DNA Lounge: Wherein we contemplate the Nina/Storm show.


This show almost didn't happen, because Nina Hagen had a lot of trouble getting her visa to enter the country. It would seem that in These Uncertain Times, our government must do its best to keep potential terrorist-slash-recording-artists out of the homeland. In the last couple of years, it's apparently become a lot harder for foreign bands to get in the country; the work visas are nearly impossible to come by, and I'm told that the old tricks that small bands used to use, like just pretending that they're going on vacation and renting instruments when they get here, no longer work.
One of the more egregious examples of this recently was when Cuban guitarist Ibrahim Ferrer was unable to pick up his Grammy award at the ceremony because he couldn't get into the country: "Mr. Ferrer can't be with us tonight".

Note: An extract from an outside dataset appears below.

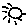
Label: sun
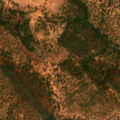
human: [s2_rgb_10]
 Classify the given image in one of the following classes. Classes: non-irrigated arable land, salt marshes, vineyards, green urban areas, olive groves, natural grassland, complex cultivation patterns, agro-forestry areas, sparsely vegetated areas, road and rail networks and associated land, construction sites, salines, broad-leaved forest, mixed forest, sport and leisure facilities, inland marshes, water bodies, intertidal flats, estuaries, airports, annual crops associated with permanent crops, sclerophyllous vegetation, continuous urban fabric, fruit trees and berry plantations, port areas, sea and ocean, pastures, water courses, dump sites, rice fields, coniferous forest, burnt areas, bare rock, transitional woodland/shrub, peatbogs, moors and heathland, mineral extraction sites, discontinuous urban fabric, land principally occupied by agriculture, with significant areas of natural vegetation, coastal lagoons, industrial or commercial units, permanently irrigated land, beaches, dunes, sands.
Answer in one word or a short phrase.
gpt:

Nina's agent actually called us to cancel this show, thinking the tour was dead, but Alexis call the Goethe Institute (who put on the Maximilian Hecker / Barbara Morgenstern show a couple weeks ago) and apparently they have some pull in situations like this... She ended up having to cancel her show in New York, though.
What a messed up world.
I, for one, welcome our new quad-kidney transhuman Bosnian hard-drinking overlords.
Two Bosnian brothers who say they can drink as much as they want without feeling drunk have been told they each have a spare set of fully functioning kidneys.
Josip Galic, 69, from Kucetine in Bosnia said: "I had a car accident and doctors discovered I had four kidneys. That surprised me, but at least it explained why I could drink all my friends under the table, and never had a hangover."
He added it was a further surprise when his brother found out after a visit to the doctor that he had four kidneys as well.
Immortel
The 9MB teaser and 35MB trailer are here, and I think this is already my new favorite movie.
how to make your own prison hooch

"Pruno, a prison wine created from fruit, sugar and ketchup, is such a vile and despicable beast in the California state penal system that prisoners can't eat fresh fruit at lunch. Back in December 2002, the warden at Lancaster prison in Los Angeles County removed fresh fruit from box lunches in the maximum-security lockup, as an effort to reduce violence. Apparently, sober, scurvy-addled felons are much easier to control than drunken, violent convicts."